Step 4: Apply the Master Formula

$V_{k,\text{required}} = K_{td} \times I_{f,\text{sec}} \times (R_{ct}+R_b) \times SF$

$V_{k,\text{required}} = 19 \times 62.5 \times 2.384 \times 1.3 = 3494,\text{V}$

This result immediately reveals whether a standard catalogue CT is adequate or whether a custom specification is required.

Step 5: Apply the Remanence Correction

If the CT core has a known remanence factor Kr, the effective available knee point voltage is reduced:

$V_{k,\text{effective}} = V_{k,\text{rated}} \times (1 – K_{r})$

Rearranging to find the required rated Vk:

$V_{k,\text{rated required}} = \frac{V_{k,\text{required}}}{1 – K_{r}}$

Example with Kr = 0.70 (standard GOES core):

$V_{k,\text{rated required}} = \frac{3494}{1 – 0.70} = \frac{3494}{0.30} = 11647\,\text{V}$

This calculation demonstrates why standard silicon steel cores are frequently inadequate for high-voltage protection applications with significant DC offset — and why low-remanence core materials are not a luxury but a necessity.

With Kr = 0.08 (nanocrystalline core⁴):

$V_{k,\text{rated required}} = \frac{3494}{1 – 0.08} = \frac{3494}{0.92} = 3798,\text{V}$

The difference between a 70% remanence core and an 8% remanence core translates to a 3× difference in required knee point voltage — a specification gap that determines whether a standard CT is adequate or whether a custom high-Vk unit is required.

Customer Story: Thomas, a senior protection engineer at a utility contractor in the Netherlands managing a 110kV substation refurbishment, had inherited CT specifications from a 1990s design that specified Vk ≥ 400V for the busbar differential protection. Running the full calculation with the current fault level (18kA), X/R ratio (22), actual cable burden (0.31Ω), and the installed GOES core remanence (Kr = 72%), the required Vk came out at 9,200V. The installed CTs were rated 400V. The protection had been technically non-compliant for decades. Bepto supplied Class TPY replacement CTs with nanocrystalline cores (Vk = 4,100V, Kr = 7%), bringing the scheme into full IEC 61869-2 compliance. ✅

How Does Knee Point Voltage Calculation Differ Across Protection Applications?
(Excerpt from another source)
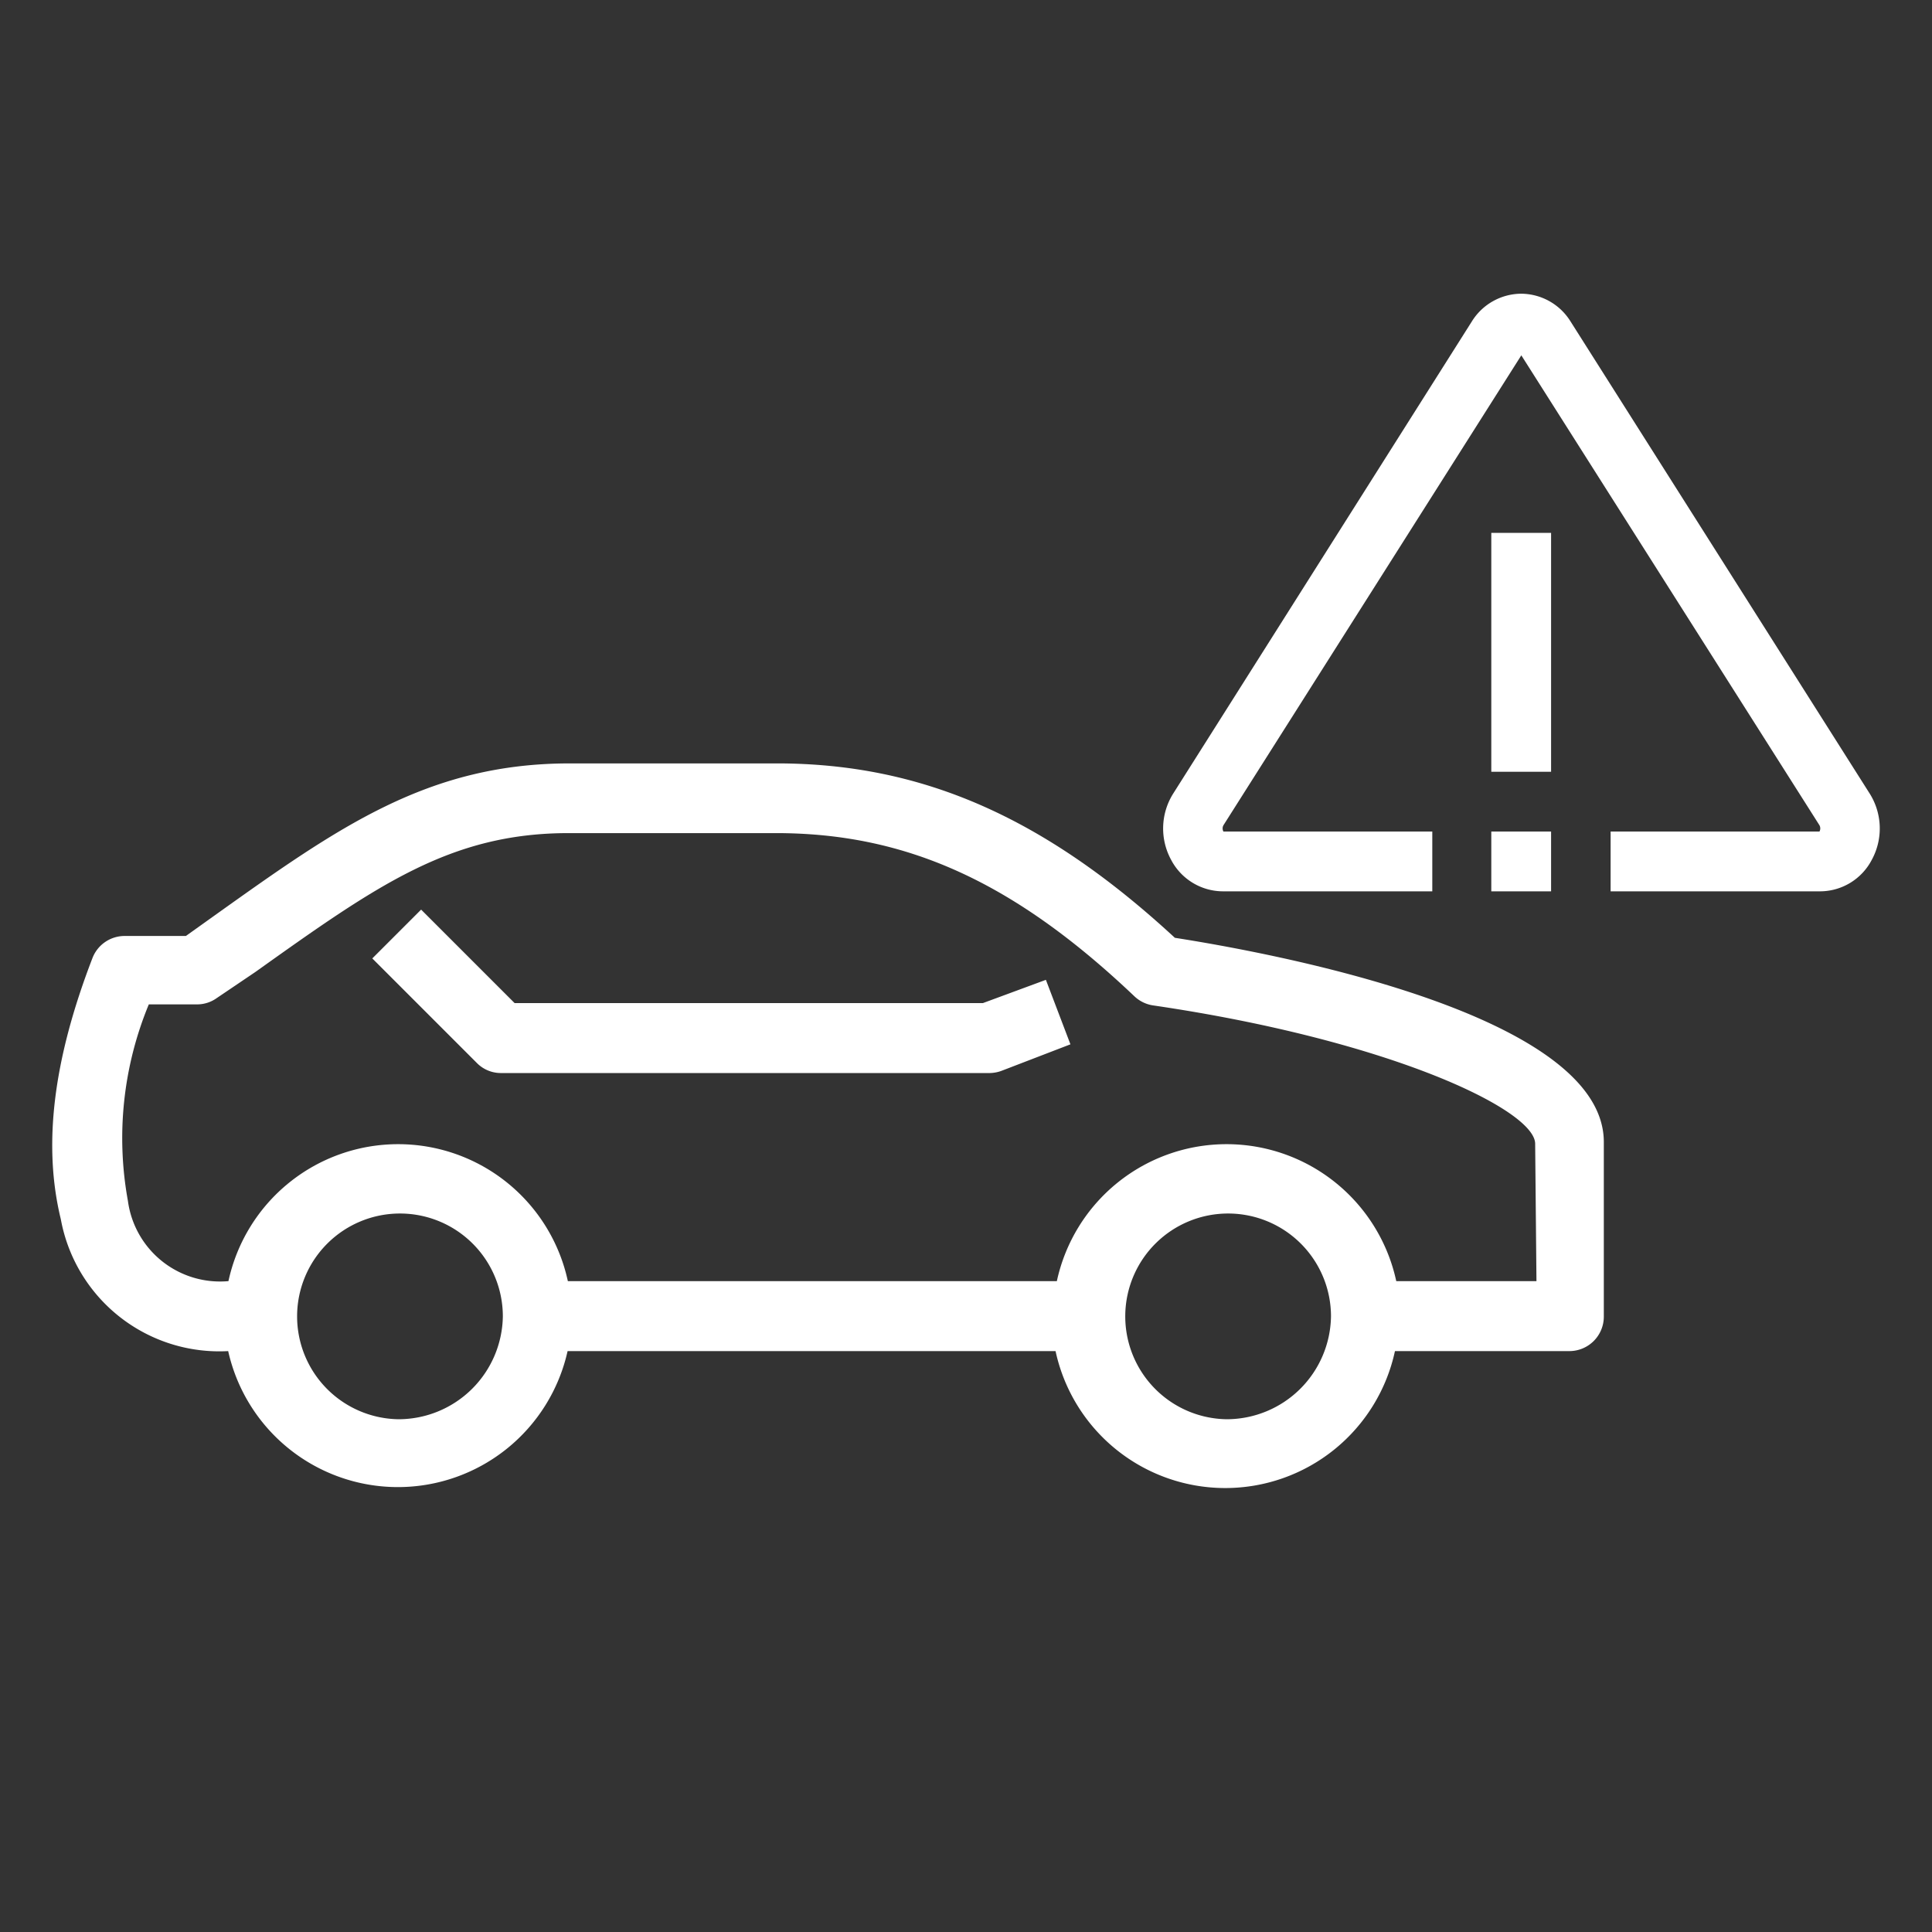 <svg xmlns="http://www.w3.org/2000/svg" viewBox="0 0 74 74"><rect x="0" y="0" width="74" height="74" fill="#333333" stroke="none"/><path d="M45 35.92c-5-4.62-9.69-6.68-15.25-6.68h-7.92c-5.43 0-8.85 2.43-13.59 5.81l-1.12.8H4.77a1.32 1.32 0 0 0-1.23.85c-1.51 3.92-1.9 7.17-1.21 10a6.17 6.17 0 0 0 6.41 5.05 6.66 6.66 0 0 0 13 0h18.69a6.65 6.65 0 0 0 13 0h6.68a1.32 1.32 0 0 0 1.32-1.32v-6.65c.06-4.96-12.85-7.3-16.43-7.86zM15.26 54.36a3.94 3.94 0 1 1 4-3.94 4 4 0 0 1-4 3.94zm31.72 0a3.94 3.94 0 1 1 4-3.94A4 4 0 0 1 47 54.36zm11.87-5.29h-5.37a6.65 6.65 0 0 0-13 0H21.75a6.65 6.65 0 0 0-13 0A3.56 3.56 0 0 1 4.9 46a13.39 13.39 0 0 1 .8-7.53h1.84a1.29 1.29 0 0 0 .76-.24l1.48-1c4.66-3.32 7.47-5.32 12-5.32h7.94c5 0 9.12 1.87 13.73 6.25a1.32 1.32 0 0 0 .72.35c9.07 1.33 14.63 4 14.63 5.3zM40.06 37.53L41 40l-2.6 1a1.38 1.38 0 0 1-.49.1H19.19a1.29 1.29 0 0 1-.93-.39l-4-4 1.87-1.87 3.58 3.58h17.94zm31.63-4.59a2.24 2.24 0 0 1-2 1.2h-8v-2.29h8a.25.25 0 0 0 0-.24l-11.42-18-11.41 18a.25.25 0 0 0 0 .24h8v2.29h-8a2.25 2.25 0 0 1-2-1.2 2.51 2.51 0 0 1 .08-2.55l11.43-18.07a2.24 2.24 0 0 1 1.9-1.07 2.24 2.24 0 0 1 1.89 1.07l11.45 18.07a2.51 2.51 0 0 1 .08 2.55zm-12.28-3.38h-2.29v-9.15h2.29zm-2.29 2.29h2.29v2.29h-2.29z" fill="#fff"/></svg>

The master formula provides the universal framework, but each protection function introduces specific modifications to the calculation methodology. Applying the wrong calculation approach for a given protection function is as dangerous as skipping the calculation entirely. 🔧

Overcurrent Protection (ANSI 50/51) — Class P or PX

For time-delayed overcurrent protection, the full transient Ktd factor is often not required because the relay can tolerate some degree of CT saturation without maloperation. The simplified calculation uses:

$V_{k,\text{required}} = ALF \times I_{n} \times (R_{ct} + R_{b})$

Where ALF is selected to ensure the CT remains accurate up to the relay’s instantaneous pickup setting. For instantaneous elements (50), the full Ktd formula applies.

Transformer Differential Protection (ANSI 87T) — Class PX or TPY

Differential protection requires matched performance from CTs on both sides of the protected transformer. The calculation must be performed for each CT separately, and the results must be compatible:

$V_{k,\text{HV}} \geq K_{td} \times I_{f,\text{sec,HV}} \times (R_{ct,\text{HV}} + R_{b,\text{HV}}) \times SF$

$V_{k,\text{LV}} \geq K_{td} \times I_{f,\text{sec,LV}} \times (R_{ct,\text{LV}} + R_{b,\text{LV}}) \times SF$

Additionally, the magnetizing inrush current must be considered — transformer energization produces inrush currents of 8–12× rated current with significant DC offset, which can drive CTs into saturation and produce false differential current even without a fault.

Distance Protection (ANSI 21) — Class TPY

Distance relays are sensitive to both magnitude and phase angle accuracy. The knee point voltage calculation must ensure the CT remains in its linear region throughout the fault duration — not just at fault inception:

$V_{k,\text{required}} = K_{td} \times I_{f,\text{sec}} \times (R_{ct} + R_{b}) \times SF \times K_{\text{angle}}$

Where Kangle (typically 1.1–1.2) accounts for the additional phase angle accuracy requirement of distance relay impedance measurement algorithms.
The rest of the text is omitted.